● WHAT THE TASK REQUIRES: Omit the pictures and output every entry below exactly as written.

● EXTRACTED INFORMATION:
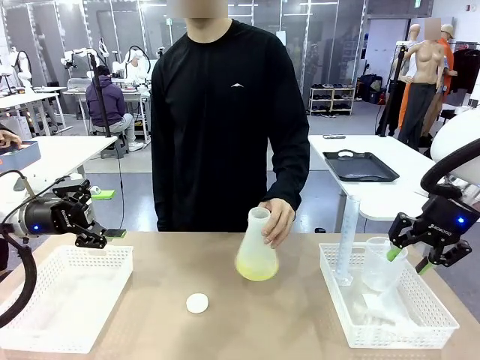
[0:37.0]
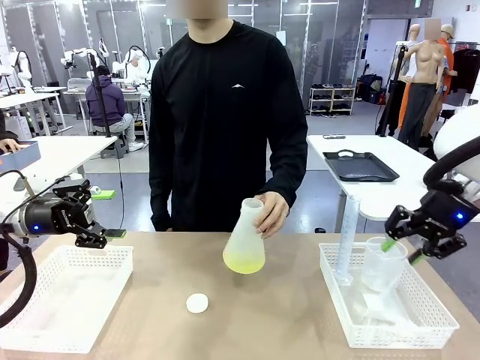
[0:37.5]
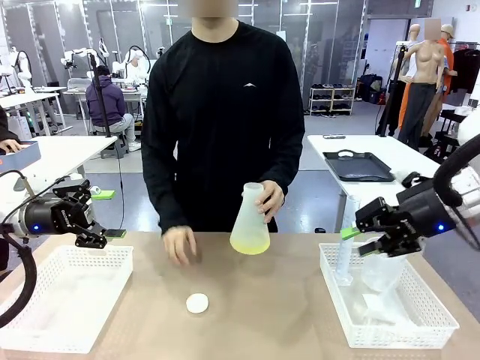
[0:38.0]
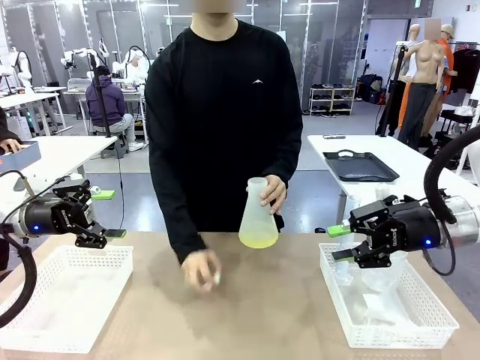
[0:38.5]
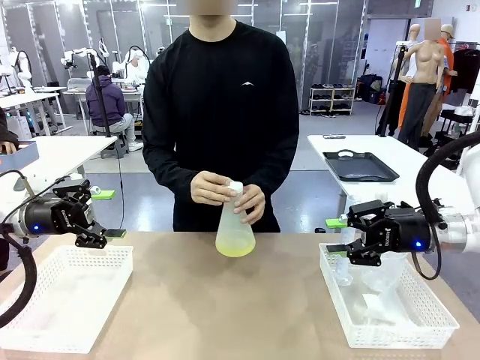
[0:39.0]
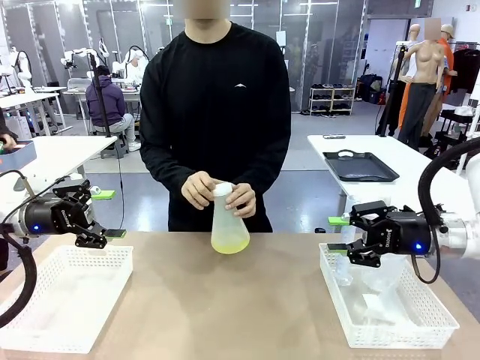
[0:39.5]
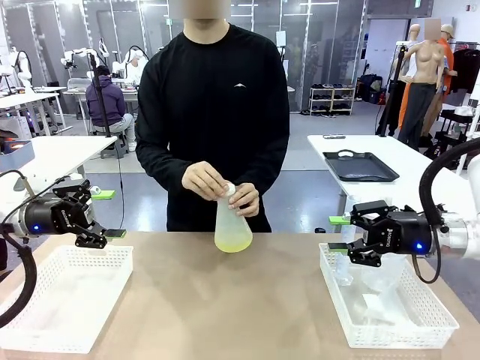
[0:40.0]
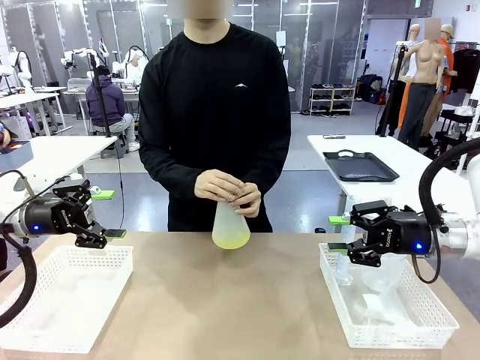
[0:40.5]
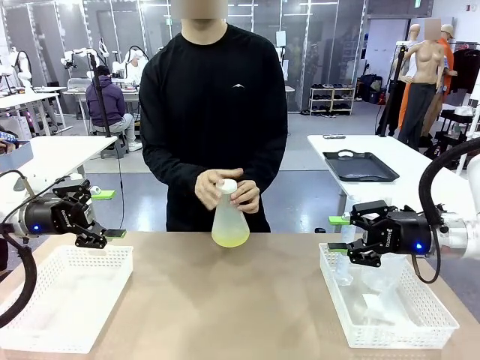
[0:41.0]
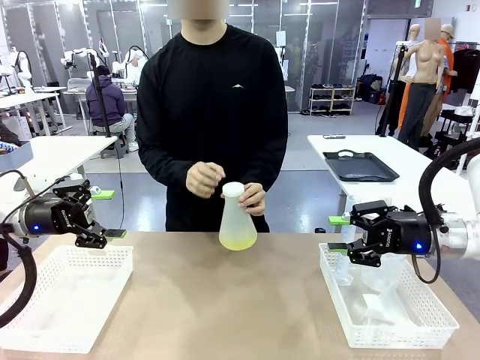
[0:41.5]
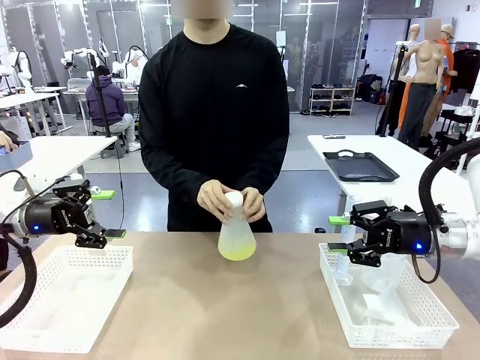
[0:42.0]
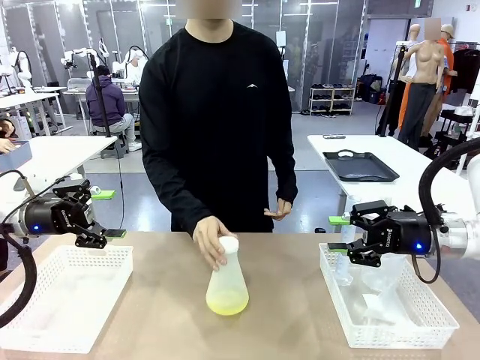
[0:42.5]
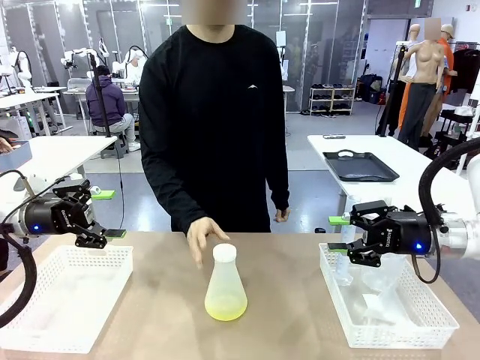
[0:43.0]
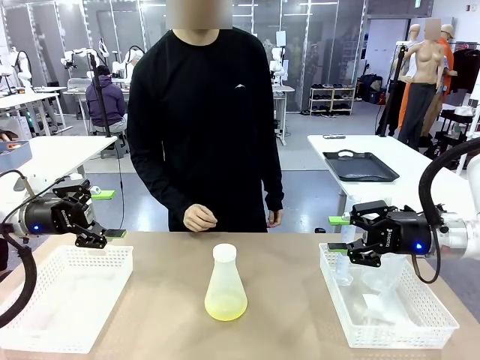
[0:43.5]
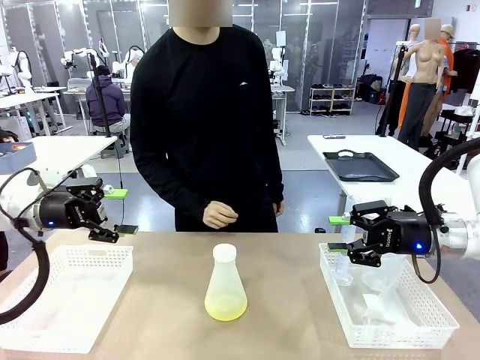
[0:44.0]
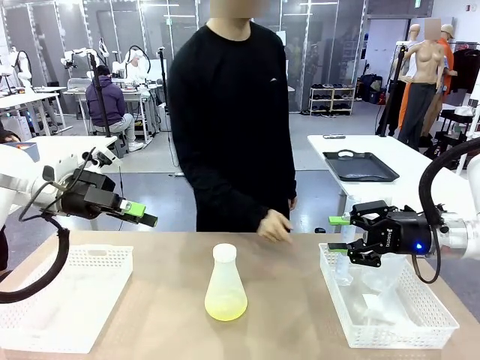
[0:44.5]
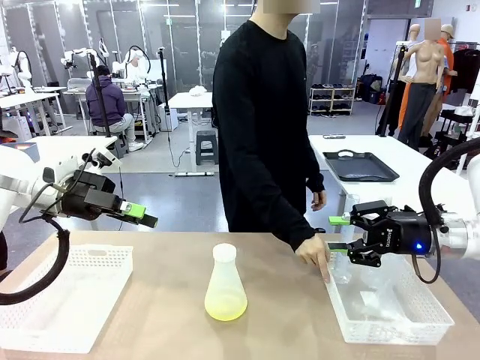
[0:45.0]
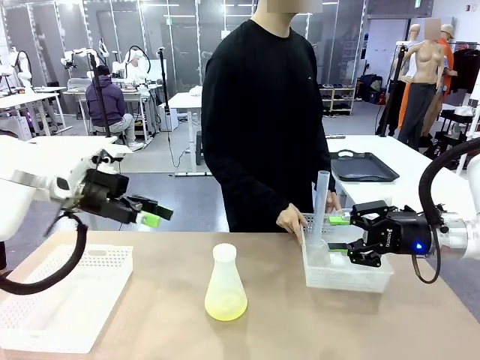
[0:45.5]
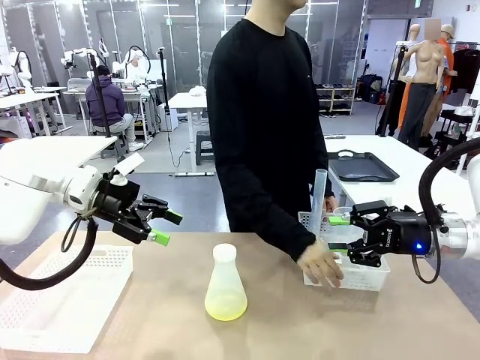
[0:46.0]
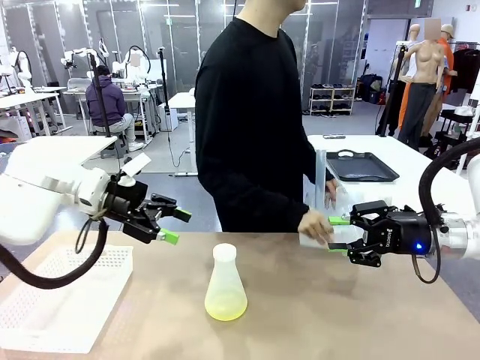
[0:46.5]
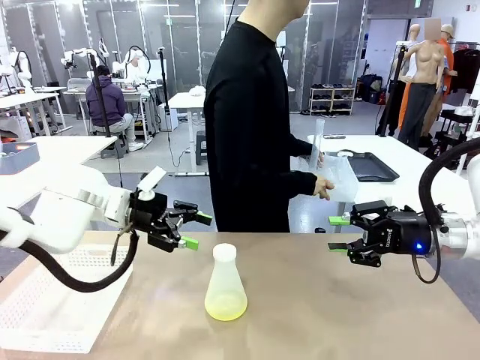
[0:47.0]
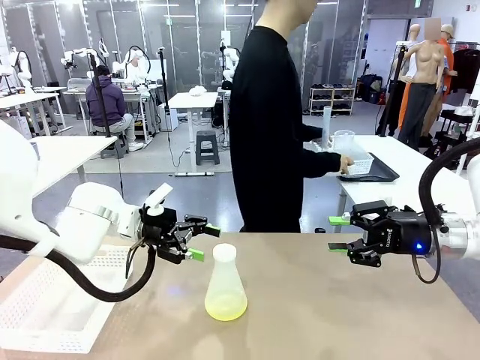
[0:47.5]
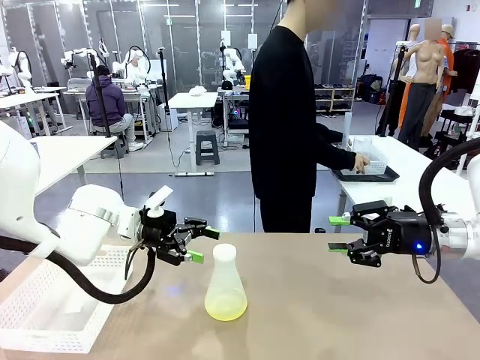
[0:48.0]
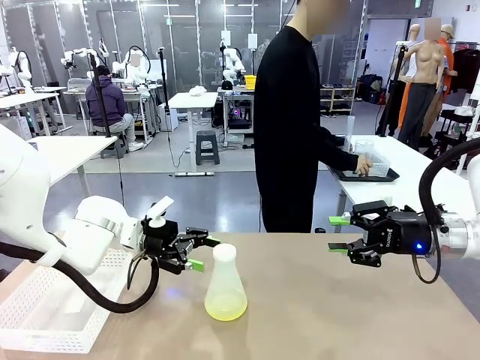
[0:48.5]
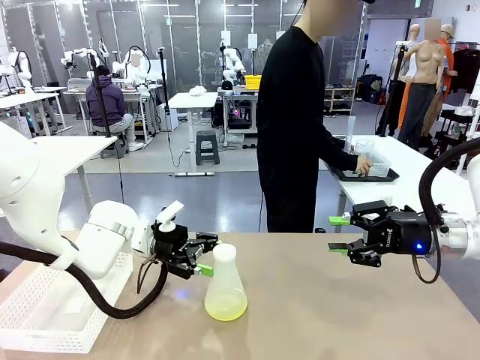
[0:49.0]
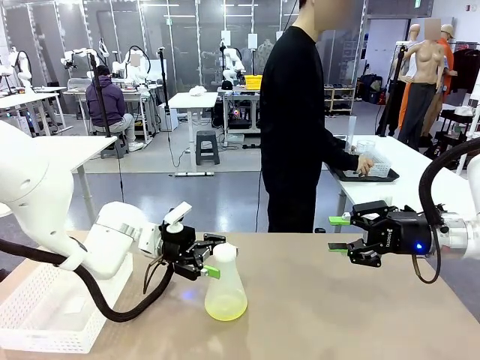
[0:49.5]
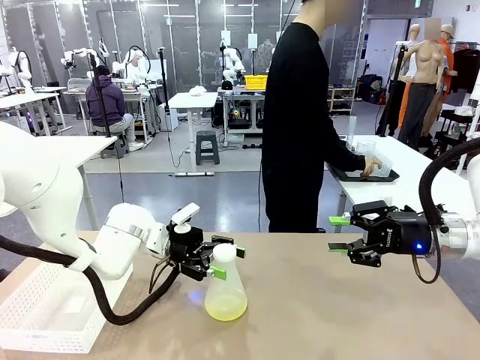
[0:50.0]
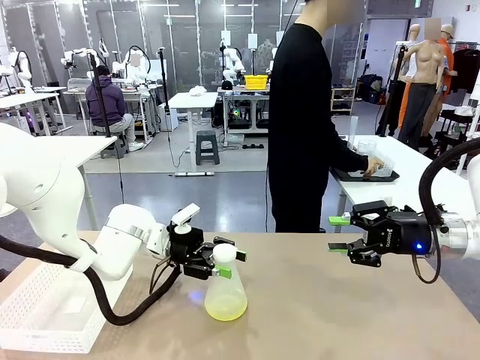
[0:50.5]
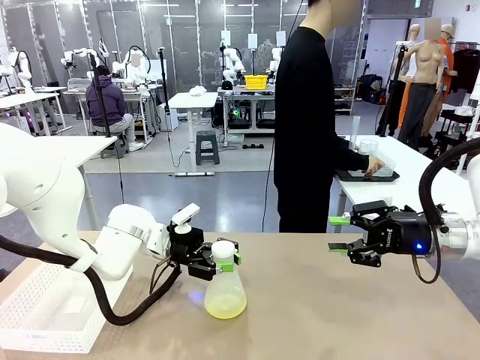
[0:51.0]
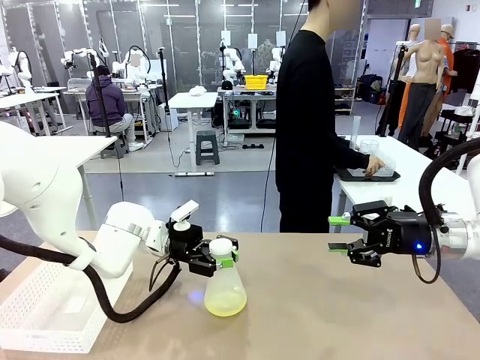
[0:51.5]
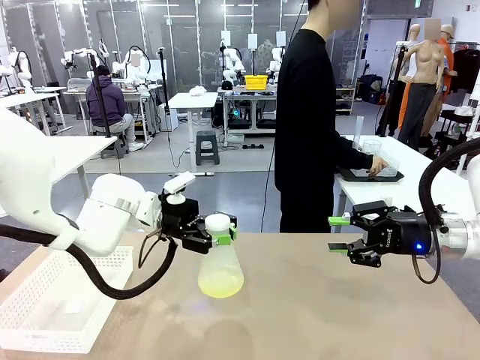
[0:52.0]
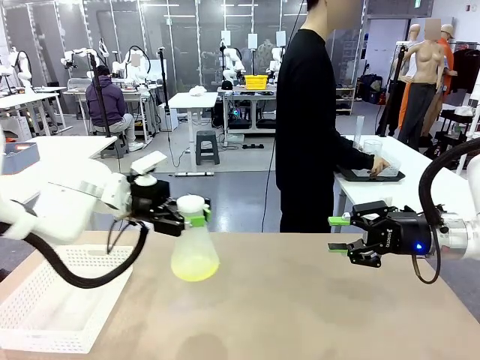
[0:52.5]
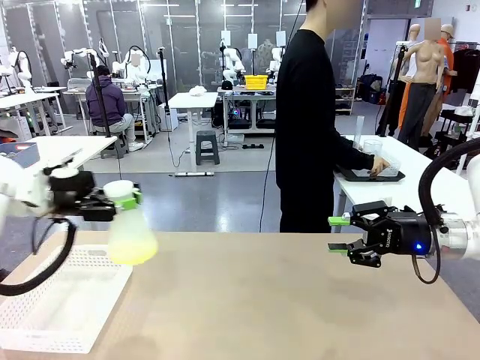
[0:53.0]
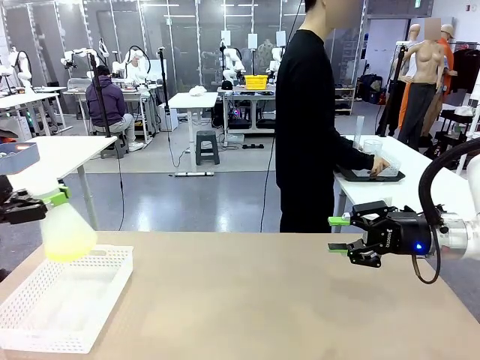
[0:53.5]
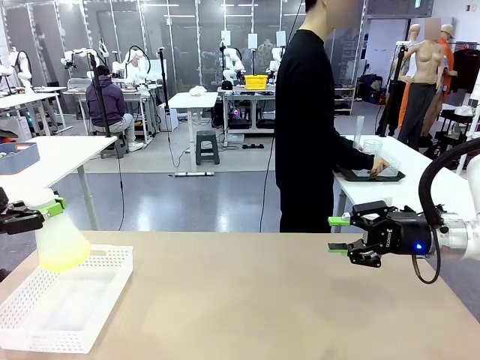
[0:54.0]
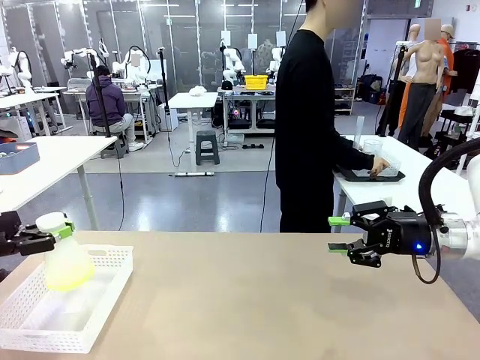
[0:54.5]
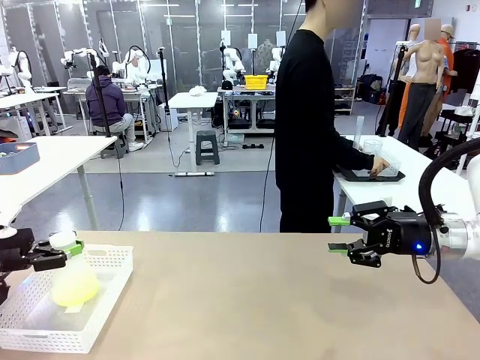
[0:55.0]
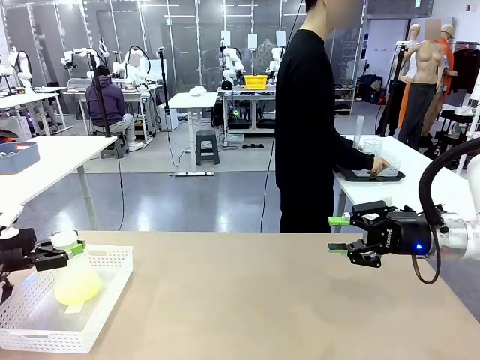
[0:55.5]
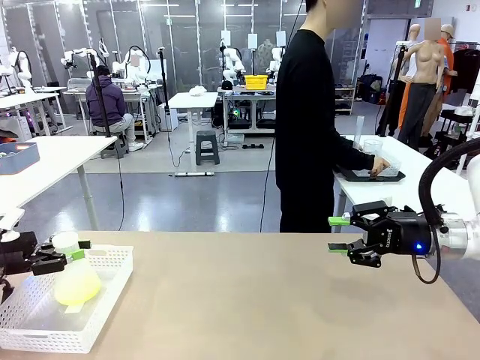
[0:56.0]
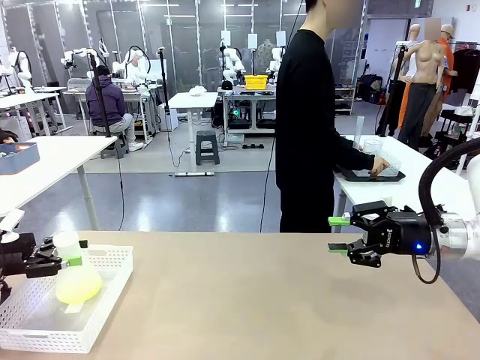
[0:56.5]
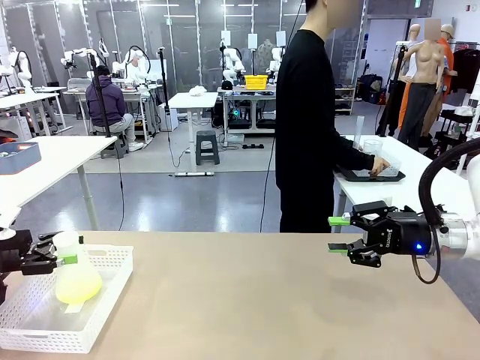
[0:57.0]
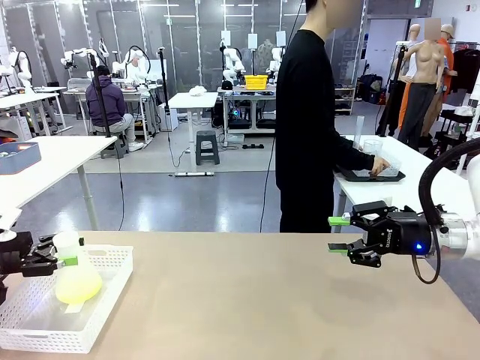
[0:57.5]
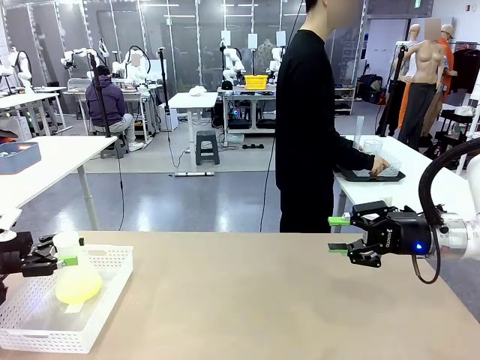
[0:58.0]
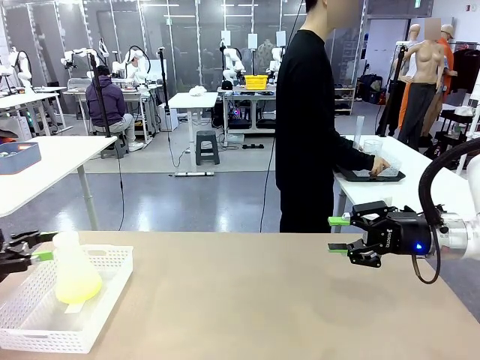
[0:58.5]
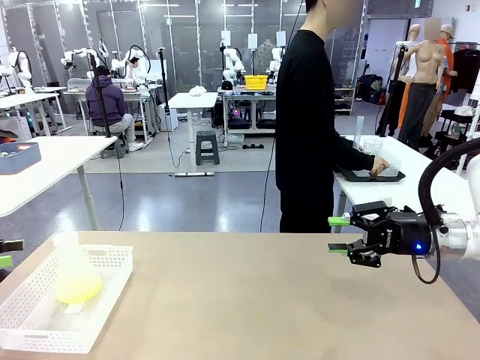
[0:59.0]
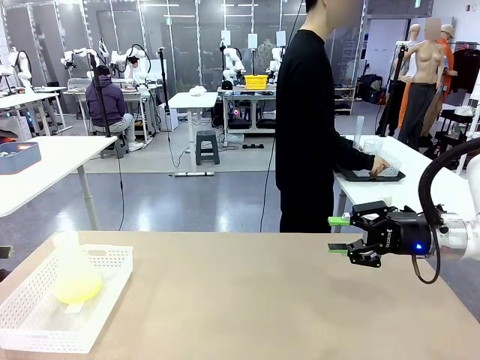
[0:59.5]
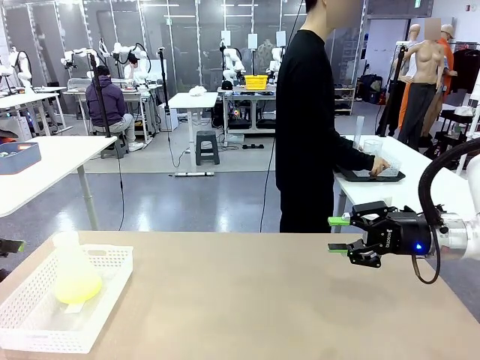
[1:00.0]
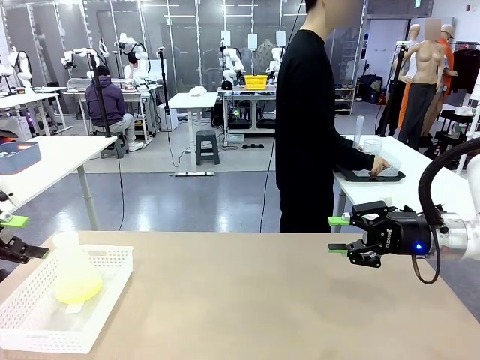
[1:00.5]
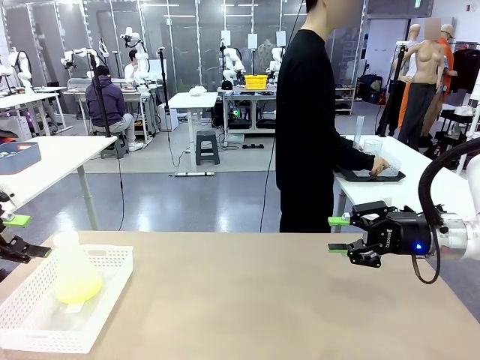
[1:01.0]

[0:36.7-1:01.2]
Task: Prepare the solutions needed for the experiment.
Robot: When the human places the Big flask in the center of the table, pick up the Big flask and place it in the left Organizing basket.
Person: Pick up the flask, gently shake it 2–3 times, place it in the middle of the robot table, and close the lid. Pick up the organizing basket on the left side of the robot table and place it on the left side of the human table.

● RESPONSE TO THE TASK:
[0:37.0]
[0:37.5]
[0:38.0]
[0:38.5]
[0:39.0]
[0:39.5]
[0:40.0]
[0:40.5]
[0:41.0]
[0:41.5]
[0:42.0]
[0:42.5]
[0:43.0]
[0:43.5]
[0:44.0]
[0:44.5]
[0:45.0]
[0:45.5]
[0:46.0]
[0:46.5]
[0:47.0]
[0:47.5]
[0:48.0]
[0:48.5]
[0:49.0]
[0:49.5]
[0:50.0]
[0:50.5]
[0:51.0]
[0:51.5]
[0:52.0]
[0:52.5]
[0:53.0]
[0:53.5]
[0:54.0]
[0:54.5]
[0:55.0]
[0:55.5]
[0:56.0]
[0:56.5]
[0:57.0]
[0:57.5]
[0:58.0]
[0:58.5]
[0:59.0]
[0:59.5]
[1:00.0]
[1:00.5]
[1:01.0]

[0:36.7-1:01.2]
Task: Prepare the solutions needed for the experiment.
Robot: When the human places the Big flask in the center of the table, pick up the Big flask and place it in the left Organizing basket.
Person: Pick up the flask, gently shake it 2–3 times, place it in the middle of the robot table, and close the lid. Pick up the organizing basket on the left side of the robot table and place it on the left side of the human table.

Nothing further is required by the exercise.